Yong first encountered Southern Seminary through visits to the church from President R. Albert Mohler Jr. and New Testament professor Thomas R. Schreiner. His desire to preach the gospel (and forgo a film career) led him to move his family to Louisville in 2005. He graduated with his Master of Divinity in 2008, crediting his studies and relationships with professors like Schreiner and Stephen J. Wellum in continuing to break down his cultural perception of authority that would otherwise prevent open friendships with teachers and leaders.

TRANSPARENT LEADERSHIP

With people groups from the 10-40 window, major college campuses nearby, and the high concentration of Buddhists and Roman Catholics, Hacienda Heights fit the criteria Yong looked for in a ministry opportunity after he returned from a three-year stint serving as an associate pastor at the United Christian Church of Dubai in the United Arab Emirates. 

More than 80 percent of Dubai’s population are expatriates with a diversity of religious backgrounds, and as a result Yong found countless opportunities to strike up gospel conversations. When he and his family returned to the United States in 2011, Yong sought to minister in a neighborhood with similar characteristics.

After several visits to FBC of Hacienda Heights — where Jeremy and Melanie became the ninth and 10th members — Yong agreed to a leadership transition, serving first as an associate before becoming the senior pastor in 2014. He graduated with his Doctor of Ministry from Southern in 2015.

Teaching at nearby Biola University led to an influx of younger members, which prompted Yong to consider how to bridge the resulting generational and cultural divides. In Asian cultures, an honor-shame mentality hinders transparency and confession of sin, and rigid lines of authority prevent substantial interaction across generations.

Yong has sought to model healthy church community by inviting members into his home and confessing his weaknesses, a startling departure from many who are used to believers “saving face” and leaders distancing themselves from the congregation.
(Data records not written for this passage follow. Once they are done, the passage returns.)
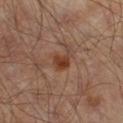Assessment:
Part of a total-body skin-imaging series; this lesion was reviewed on a skin check and was not flagged for biopsy.
Acquisition and patient details:
The lesion is located on the leg. A male subject, aged around 65. This is a cross-polarized tile. A 15 mm close-up tile from a total-body photography series done for melanoma screening.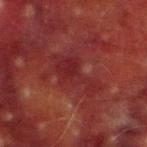Clinical impression:
The lesion was tiled from a total-body skin photograph and was not biopsied.
Context:
A male subject aged 68–72. A close-up tile cropped from a whole-body skin photograph, about 15 mm across. The tile uses cross-polarized illumination. Automated tile analysis of the lesion measured a lesion area of about 11 mm², an outline eccentricity of about 0.9 (0 = round, 1 = elongated), and a symmetry-axis asymmetry near 0.55. Approximately 6 mm at its widest. On the right lower leg.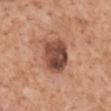Imaged during a routine full-body skin examination; the lesion was not biopsied and no histopathology is available.
Captured under white-light illumination.
A male patient about 60 years old.
Automated image analysis of the tile measured an average lesion color of about L≈47 a*≈22 b*≈28 (CIELAB), about 15 CIELAB-L* units darker than the surrounding skin, and a lesion-to-skin contrast of about 10.5 (normalized; higher = more distinct). The software also gave border irregularity of about 1.5 on a 0–10 scale and a peripheral color-asymmetry measure near 2.5. The software also gave a classifier nevus-likeness of about 70/100.
From the mid back.
Measured at roughly 4 mm in maximum diameter.
A close-up tile cropped from a whole-body skin photograph, about 15 mm across.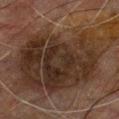  biopsy_status: not biopsied; imaged during a skin examination
  patient:
    sex: male
    age_approx: 65
  lesion_size:
    long_diameter_mm_approx: 16.0
  site: chest
  lighting: cross-polarized
  image:
    source: total-body photography crop
    field_of_view_mm: 15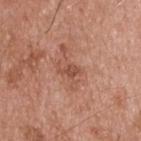Imaged during a routine full-body skin examination; the lesion was not biopsied and no histopathology is available. The lesion is located on the back. A 15 mm close-up tile from a total-body photography series done for melanoma screening. The tile uses white-light illumination. A male subject, aged 53–57.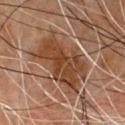notes: imaged on a skin check; not biopsied | subject: male, aged around 50 | size: ~7.5 mm (longest diameter) | image: total-body-photography crop, ~15 mm field of view | location: the chest.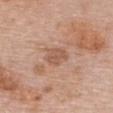Q: Was a biopsy performed?
A: catalogued during a skin exam; not biopsied
Q: Patient demographics?
A: female, roughly 60 years of age
Q: What is the imaging modality?
A: ~15 mm tile from a whole-body skin photo
Q: How large is the lesion?
A: ≈2.5 mm
Q: How was the tile lit?
A: white-light
Q: Where on the body is the lesion?
A: the chest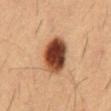illumination: cross-polarized illumination | patient: male, in their mid-50s | anatomic site: the chest | size: ~5.5 mm (longest diameter) | imaging modality: 15 mm crop, total-body photography.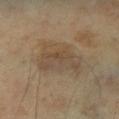Clinical impression: This lesion was catalogued during total-body skin photography and was not selected for biopsy. Acquisition and patient details: Located on the left lower leg. Longest diameter approximately 6 mm. Captured under cross-polarized illumination. A male patient roughly 65 years of age. A 15 mm close-up extracted from a 3D total-body photography capture.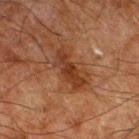Notes:
• biopsy status · catalogued during a skin exam; not biopsied
• lighting · cross-polarized
• subject · male, aged around 80
• body site · the right thigh
• imaging modality · ~15 mm crop, total-body skin-cancer survey
• size · ~5 mm (longest diameter)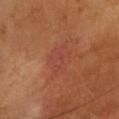Captured during whole-body skin photography for melanoma surveillance; the lesion was not biopsied.
About 4 mm across.
The subject is a female in their mid- to late 50s.
On the head or neck.
A lesion tile, about 15 mm wide, cut from a 3D total-body photograph.
The tile uses cross-polarized illumination.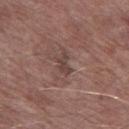Case summary:
- workup — catalogued during a skin exam; not biopsied
- lesion diameter — ≈3 mm
- automated lesion analysis — a border-irregularity index near 5/10, a color-variation rating of about 0.5/10, and peripheral color asymmetry of about 0; a detector confidence of about 80 out of 100 that the crop contains a lesion
- image source — 15 mm crop, total-body photography
- subject — male, aged around 75
- lighting — white-light
- anatomic site — the left thigh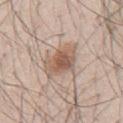Impression:
The lesion was photographed on a routine skin check and not biopsied; there is no pathology result.
Clinical summary:
A lesion tile, about 15 mm wide, cut from a 3D total-body photograph. The tile uses white-light illumination. Located on the mid back. Longest diameter approximately 4.5 mm. A male subject, aged approximately 45.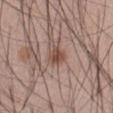| field | value |
|---|---|
| notes | catalogued during a skin exam; not biopsied |
| imaging modality | 15 mm crop, total-body photography |
| patient | male, in their mid- to late 40s |
| lighting | white-light illumination |
| body site | the abdomen |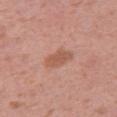The lesion was photographed on a routine skin check and not biopsied; there is no pathology result. Located on the right thigh. A female subject, aged approximately 40. A close-up tile cropped from a whole-body skin photograph, about 15 mm across. Longest diameter approximately 3.5 mm.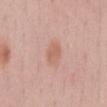The lesion was photographed on a routine skin check and not biopsied; there is no pathology result. A male patient aged 58 to 62. The total-body-photography lesion software estimated an area of roughly 4.5 mm², an eccentricity of roughly 0.8, and a symmetry-axis asymmetry near 0.2. It also reported an average lesion color of about L≈61 a*≈21 b*≈30 (CIELAB) and a lesion–skin lightness drop of about 7. And it measured a classifier nevus-likeness of about 25/100 and lesion-presence confidence of about 100/100. Located on the chest. A roughly 15 mm field-of-view crop from a total-body skin photograph. The tile uses white-light illumination. Longest diameter approximately 3 mm.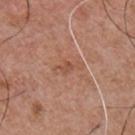Captured during whole-body skin photography for melanoma surveillance; the lesion was not biopsied. A region of skin cropped from a whole-body photographic capture, roughly 15 mm wide. This is a white-light tile. From the chest. A male subject, approximately 55 years of age. The recorded lesion diameter is about 3.5 mm.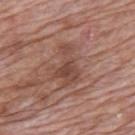Q: Was a biopsy performed?
A: catalogued during a skin exam; not biopsied
Q: Lesion location?
A: the mid back
Q: What are the patient's age and sex?
A: male, aged approximately 70
Q: What lighting was used for the tile?
A: white-light illumination
Q: How large is the lesion?
A: ~5 mm (longest diameter)
Q: What is the imaging modality?
A: ~15 mm tile from a whole-body skin photo
Q: Automated lesion metrics?
A: a lesion area of about 9.5 mm², an outline eccentricity of about 0.85 (0 = round, 1 = elongated), and a shape-asymmetry score of about 0.5 (0 = symmetric); a lesion color around L≈46 a*≈21 b*≈25 in CIELAB, about 9 CIELAB-L* units darker than the surrounding skin, and a normalized lesion–skin contrast near 6.5; border irregularity of about 6.5 on a 0–10 scale, internal color variation of about 3 on a 0–10 scale, and a peripheral color-asymmetry measure near 1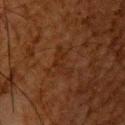The patient is a male approximately 65 years of age. A 15 mm close-up tile from a total-body photography series done for melanoma screening. Imaged with cross-polarized lighting. The lesion is located on the upper back. About 4 mm across.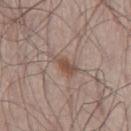• workup · catalogued during a skin exam; not biopsied
• image · ~15 mm crop, total-body skin-cancer survey
• size · ~4 mm (longest diameter)
• body site · the leg
• subject · male, in their mid- to late 50s
• image-analysis metrics · a within-lesion color-variation index near 2.5/10 and a peripheral color-asymmetry measure near 1; a detector confidence of about 100 out of 100 that the crop contains a lesion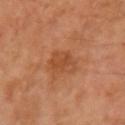workup — total-body-photography surveillance lesion; no biopsy | illumination — cross-polarized illumination | subject — female, aged around 55 | anatomic site — the right upper arm | acquisition — ~15 mm crop, total-body skin-cancer survey | automated metrics — an area of roughly 7 mm², a shape eccentricity near 0.8, and a symmetry-axis asymmetry near 0.25; about 7 CIELAB-L* units darker than the surrounding skin and a normalized border contrast of about 6.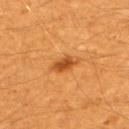No biopsy was performed on this lesion — it was imaged during a full skin examination and was not determined to be concerning. A male subject aged 58 to 62. The lesion's longest dimension is about 3.5 mm. Automated image analysis of the tile measured a lesion color around L≈48 a*≈27 b*≈44 in CIELAB, a lesion–skin lightness drop of about 11, and a lesion-to-skin contrast of about 8 (normalized; higher = more distinct). The software also gave border irregularity of about 2.5 on a 0–10 scale, internal color variation of about 2.5 on a 0–10 scale, and peripheral color asymmetry of about 0.5. The lesion is located on the upper back. A close-up tile cropped from a whole-body skin photograph, about 15 mm across. This is a cross-polarized tile.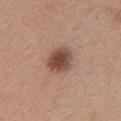This lesion was catalogued during total-body skin photography and was not selected for biopsy. The lesion is on the upper back. A 15 mm crop from a total-body photograph taken for skin-cancer surveillance. Measured at roughly 3.5 mm in maximum diameter. Captured under white-light illumination. The subject is a female aged approximately 40.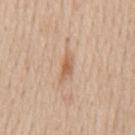Recorded during total-body skin imaging; not selected for excision or biopsy. A male subject, in their 60s. The lesion is located on the back. A lesion tile, about 15 mm wide, cut from a 3D total-body photograph. Automated tile analysis of the lesion measured a footprint of about 4.5 mm² and a shape eccentricity near 0.9. The analysis additionally found a border-irregularity rating of about 3.5/10, a within-lesion color-variation index near 3.5/10, and peripheral color asymmetry of about 1. The software also gave a classifier nevus-likeness of about 15/100 and a detector confidence of about 100 out of 100 that the crop contains a lesion. The lesion's longest dimension is about 3.5 mm.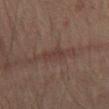workup — total-body-photography surveillance lesion; no biopsy
automated metrics — a lesion area of about 3 mm² and a shape eccentricity near 0.9; an automated nevus-likeness rating near 0 out of 100
lesion size — ≈3 mm
patient — male, aged around 75
site — the right thigh
tile lighting — cross-polarized illumination
image — ~15 mm crop, total-body skin-cancer survey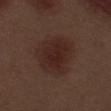Clinical summary:
The recorded lesion diameter is about 5.5 mm. Captured under white-light illumination. A 15 mm crop from a total-body photograph taken for skin-cancer surveillance. The lesion is on the left thigh. A male patient about 70 years old.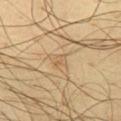The lesion was photographed on a routine skin check and not biopsied; there is no pathology result.
Automated image analysis of the tile measured a footprint of about 2 mm² and a shape eccentricity near 0.7. It also reported a border-irregularity index near 3.5/10 and internal color variation of about 0 on a 0–10 scale. The software also gave a classifier nevus-likeness of about 0/100 and a detector confidence of about 25 out of 100 that the crop contains a lesion.
A 15 mm crop from a total-body photograph taken for skin-cancer surveillance.
Measured at roughly 1.5 mm in maximum diameter.
A male subject roughly 65 years of age.
This is a cross-polarized tile.
The lesion is located on the left thigh.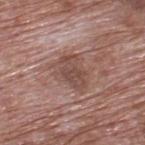{"biopsy_status": "not biopsied; imaged during a skin examination", "site": "upper back", "image": {"source": "total-body photography crop", "field_of_view_mm": 15}, "lesion_size": {"long_diameter_mm_approx": 4.5}, "lighting": "white-light", "patient": {"sex": "male", "age_approx": 70}}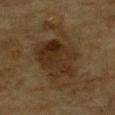Clinical impression: This lesion was catalogued during total-body skin photography and was not selected for biopsy. Acquisition and patient details: The lesion is located on the chest. A male subject, aged around 85 or older. The lesion's longest dimension is about 8.5 mm. A close-up tile cropped from a whole-body skin photograph, about 15 mm across.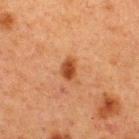This lesion was catalogued during total-body skin photography and was not selected for biopsy.
Imaged with cross-polarized lighting.
Measured at roughly 2.5 mm in maximum diameter.
A region of skin cropped from a whole-body photographic capture, roughly 15 mm wide.
The lesion is located on the upper back.
A male subject roughly 60 years of age.
The total-body-photography lesion software estimated an area of roughly 4 mm², a shape eccentricity near 0.7, and a shape-asymmetry score of about 0.25 (0 = symmetric). And it measured a nevus-likeness score of about 95/100 and a lesion-detection confidence of about 100/100.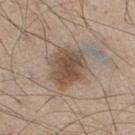– workup: catalogued during a skin exam; not biopsied
– imaging modality: total-body-photography crop, ~15 mm field of view
– anatomic site: the right thigh
– patient: male, aged 43 to 47
– lighting: white-light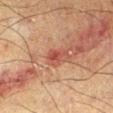The lesion was photographed on a routine skin check and not biopsied; there is no pathology result. The lesion-visualizer software estimated a color-variation rating of about 1/10. The analysis additionally found a nevus-likeness score of about 0/100. A 15 mm close-up tile from a total-body photography series done for melanoma screening. A male subject roughly 60 years of age. The lesion's longest dimension is about 3 mm. From the right lower leg. This is a cross-polarized tile.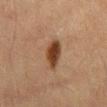Q: Was a biopsy performed?
A: catalogued during a skin exam; not biopsied
Q: Where on the body is the lesion?
A: the abdomen
Q: What is the imaging modality?
A: total-body-photography crop, ~15 mm field of view
Q: What are the patient's age and sex?
A: male, aged 63 to 67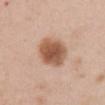biopsy status = catalogued during a skin exam; not biopsied | lesion size = ≈5 mm | patient = female, about 50 years old | imaging modality = ~15 mm tile from a whole-body skin photo | illumination = white-light illumination | location = the mid back.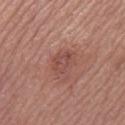Clinical impression:
Imaged during a routine full-body skin examination; the lesion was not biopsied and no histopathology is available.
Context:
Located on the leg. A female patient, about 50 years old. The total-body-photography lesion software estimated a mean CIELAB color near L≈48 a*≈24 b*≈25 and roughly 7 lightness units darker than nearby skin. And it measured a border-irregularity rating of about 2.5/10, a color-variation rating of about 3/10, and peripheral color asymmetry of about 1. A 15 mm close-up extracted from a 3D total-body photography capture.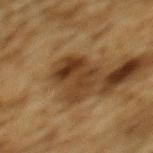The lesion was tiled from a total-body skin photograph and was not biopsied.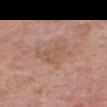This lesion was catalogued during total-body skin photography and was not selected for biopsy.
A 15 mm close-up tile from a total-body photography series done for melanoma screening.
A male patient aged 63–67.
On the chest.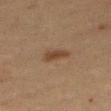Clinical summary: From the right thigh. Cropped from a total-body skin-imaging series; the visible field is about 15 mm. The patient is a female in their 40s. The total-body-photography lesion software estimated a footprint of about 4.5 mm², an outline eccentricity of about 0.9 (0 = round, 1 = elongated), and a symmetry-axis asymmetry near 0.3. The analysis additionally found an average lesion color of about L≈37 a*≈16 b*≈28 (CIELAB) and a lesion-to-skin contrast of about 8 (normalized; higher = more distinct). It also reported a border-irregularity index near 3/10, a within-lesion color-variation index near 1.5/10, and peripheral color asymmetry of about 0.5. This is a cross-polarized tile.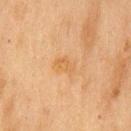biopsy status: catalogued during a skin exam; not biopsied | lesion size: ~2.5 mm (longest diameter) | image source: ~15 mm tile from a whole-body skin photo | subject: male, in their mid- to late 70s | lighting: cross-polarized | location: the chest | image-analysis metrics: an area of roughly 3.5 mm² and a shape-asymmetry score of about 0.2 (0 = symmetric); a border-irregularity rating of about 2/10, a within-lesion color-variation index near 1.5/10, and a peripheral color-asymmetry measure near 0.5.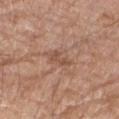Impression: Part of a total-body skin-imaging series; this lesion was reviewed on a skin check and was not flagged for biopsy. Context: This image is a 15 mm lesion crop taken from a total-body photograph. The lesion is on the right upper arm. The subject is a male aged approximately 80.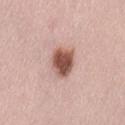Assessment:
Recorded during total-body skin imaging; not selected for excision or biopsy.
Image and clinical context:
A female patient approximately 60 years of age. A 15 mm crop from a total-body photograph taken for skin-cancer surveillance. The lesion's longest dimension is about 4 mm. On the lower back. The tile uses white-light illumination.

This style of pastoral leadership is clear evidence of Dever’s influence, who subverted Yong’s understanding of authority with a genuine friendship, honesty, and frequent jokes.

“It’s hard to identify what makes some people feel uncomfortable, but we’re just trying to encourage them and say the gospel breaks down these walls of hostility,” Yong said, noting some Asian believers have resisted his transparent leadership style. “Even if we may have nothing in common on a human or preference level, nevertheless we still have Jesus, the most important thing, in common so that should cause us to really love one another for the gospel’s sake.”

Moralism and legalism jive really well with Asians because of the cultural background of Confucianism, where that’s kind of what makes the world go round.

Investing in the “long and hard work of getting to know other people” has transformed lives at FBC of Hacienda Heights. Paul Kim, who was raised in a Korean Church in northern California and joined the Hacienda Heights congregation in 2014, lives with Yong and his family, which in itself has uprooted cultural barriers to experiencing grace through biblical community. Kim says Korean church leadership is more about blind submission on the basis of title, while Yong has demonstrated his leadership is tied clearly to Scripture. Yong’s personality and willingness to let Kim see how he interacts with his family behind the scenes and even allow him to point out Yong’s weaknesses has helped reinforce what Christian community looks like.

“In Korean-culture church you have to present yourself at face value, that you’re holy and good and don’t want to show signs of weakness,” Kim said. “So confessing sins is not a normal thing or a part of the conversation — very surface-level appearances and never getting to the heart issues.”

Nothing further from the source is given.